High cost of keeping district’s lights on

Falkirk Council needs to shrink its carbon footprint by cutting energy bills
Falkirk Council needs to shrink its carbon footprint by cutting energy bills

A five-year plan that could shrink its carbon footprint and save Falkirk Council £6 million on its utility bills by the start of the next decade has been agreed.

The new approach detailed in its latest Carbon Management Plan could slash carbon dioxide emissions by nearly 13,000 tonnes by 2021.

Members of the council’s executive rubber stamped the way ahead when it met.

The plan scrutinises the carbon footprint the council produces running its buildings and services.

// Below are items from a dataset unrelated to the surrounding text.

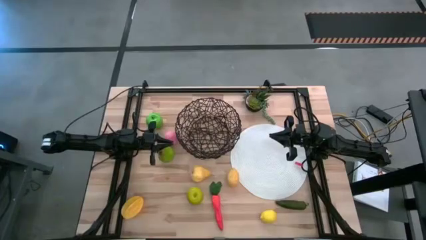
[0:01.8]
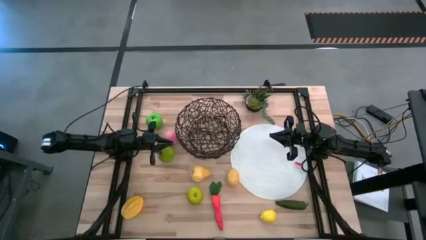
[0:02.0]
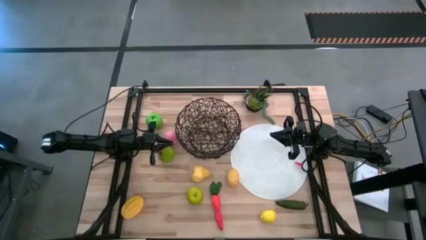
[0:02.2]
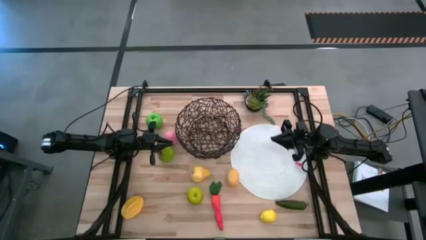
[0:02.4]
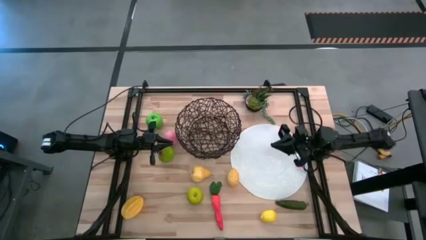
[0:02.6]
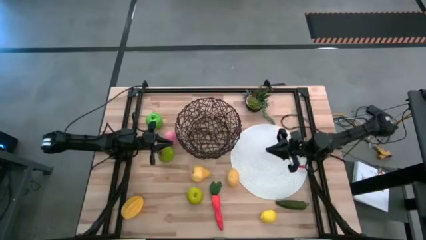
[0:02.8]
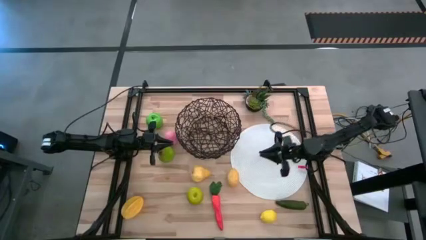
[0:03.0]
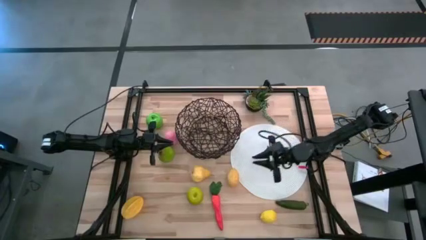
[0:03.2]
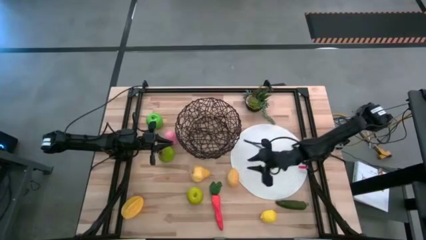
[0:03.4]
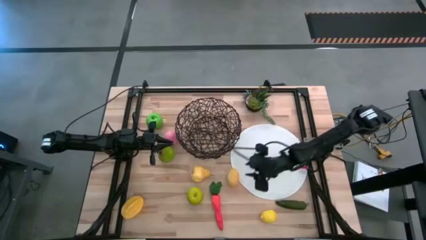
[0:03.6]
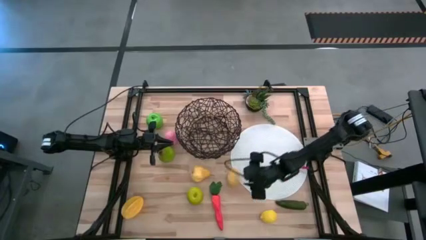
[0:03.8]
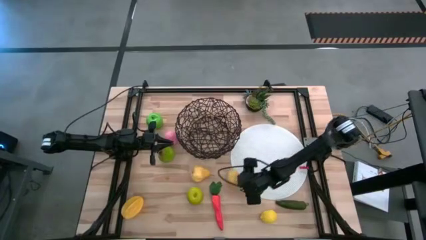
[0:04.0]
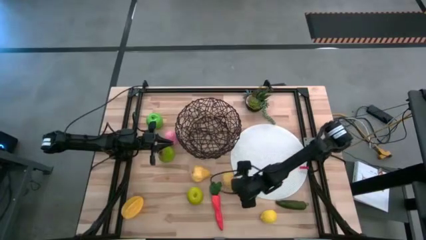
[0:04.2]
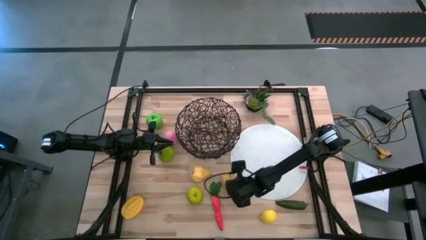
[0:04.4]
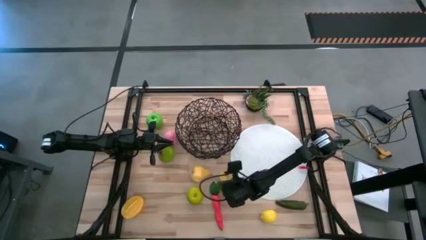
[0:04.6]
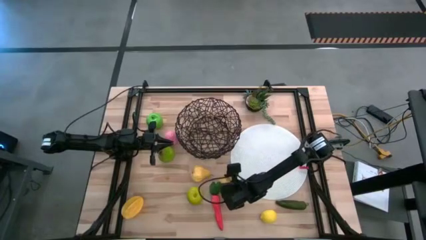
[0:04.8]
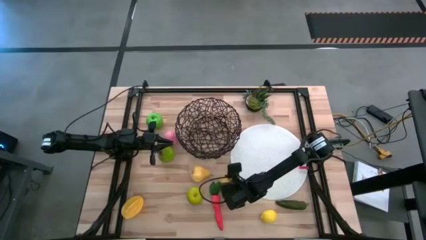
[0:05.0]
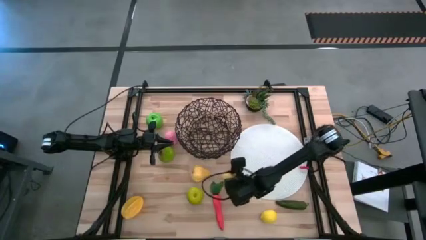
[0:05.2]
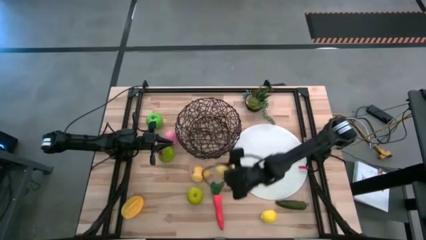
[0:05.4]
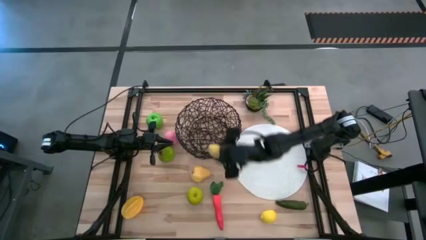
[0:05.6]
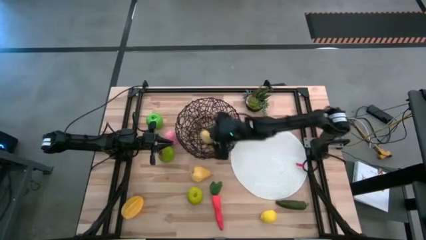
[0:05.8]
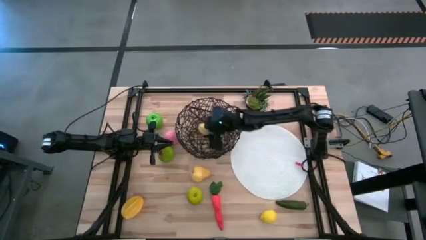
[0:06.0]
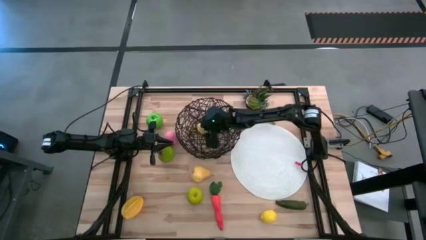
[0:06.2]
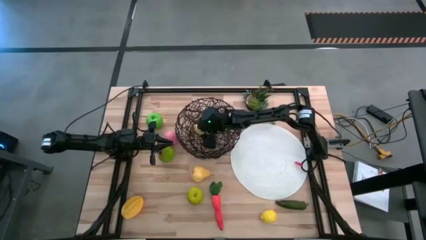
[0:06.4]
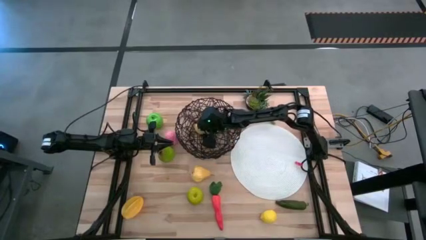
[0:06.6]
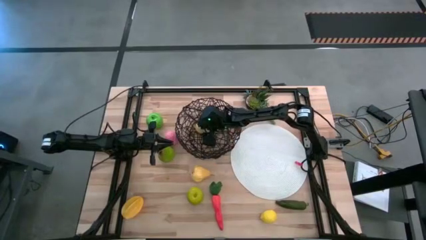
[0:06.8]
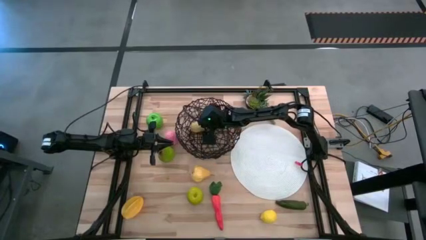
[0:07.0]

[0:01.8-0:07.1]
Task: Build produce basket
Put the top lemon into the wire basket

The executive was warned if action to cut the council’s CO2 emissions is not taken now it is expected that by 2021 they will have increased by 11 per cent and result in an additional £4 million annual spend.

Now the focus is to slow the growth by nearly half to six per cent over the period by rolling out a series of projects that will reduce how much energy the council uses.

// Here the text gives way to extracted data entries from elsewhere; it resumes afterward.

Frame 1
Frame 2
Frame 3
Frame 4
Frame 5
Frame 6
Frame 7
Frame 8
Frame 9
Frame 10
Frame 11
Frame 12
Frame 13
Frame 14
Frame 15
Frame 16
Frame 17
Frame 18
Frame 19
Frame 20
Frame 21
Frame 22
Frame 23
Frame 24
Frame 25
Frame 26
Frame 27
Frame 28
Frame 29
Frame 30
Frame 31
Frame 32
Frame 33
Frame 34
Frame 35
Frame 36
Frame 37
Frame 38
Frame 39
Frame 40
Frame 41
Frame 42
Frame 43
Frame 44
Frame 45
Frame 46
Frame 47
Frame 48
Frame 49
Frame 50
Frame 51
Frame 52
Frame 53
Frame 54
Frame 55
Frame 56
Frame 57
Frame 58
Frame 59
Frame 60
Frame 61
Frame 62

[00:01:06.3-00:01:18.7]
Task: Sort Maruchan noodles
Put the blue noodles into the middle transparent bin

Costs associated with energy, water, transport and waste are increasing at a faster rate than the council can implement changes in use.

In her report, Rhona Geisler, director of development services, said: “We are effectively running to stand still.

“Business as usual is not an option. A step change is required to stabilise the carbon footprint. Additional projects and policies must be developed and fast tracked to implementation.

“At present Falkirk Council is short of demonstrating any substantial contribution to the national CO2 reduction targets.”

How the council operates over the next five years will be key to delivering the potential savings identified.

Ways of stabilising the growth of emissions and introducing ambitious schemes to reduce them by 2.5 per cent year on year which together could avoid costs of around £4 million will be explored - and will include:

* ‘smarter’ use of its offices by maximising their occupancy;

* raising staff awareness about energy efficiency;

* purchasing vehicles with low CO2 emissions.

Plans already agreed, including introducing more efficient street lighting, replacing heating systems in some primary schools, installing more energy efficient equipment at Falkirk Crematorium and fitting LED lighting in high schools will push that figure to nearly £6 million.

Since the council started tracking its energy and carbon emissions eight years ago the amount used has grown steadily by around three per cent and CO2 emissions by 13 per cent.

The need to increase the size of the council operation to meet the demands of a population that has grown by four per cent, coupled with rising energy and fuel bills, has led to carbon related costs soaring from £5.9 to £10.3 million.

Falkirk is now one of only “a few” Scottish local authorities whose carbon emissions have continued to grow - overtaking all the benefits gained from carbon and financial savings delivered by projects in the past.

The Climate Change (Scotland) Act of 2009 calls for every public body in the country to contribute to national targets to cut carbon dioxide by 42 per cent and generate 100 per cent of its electricity needs by 2020.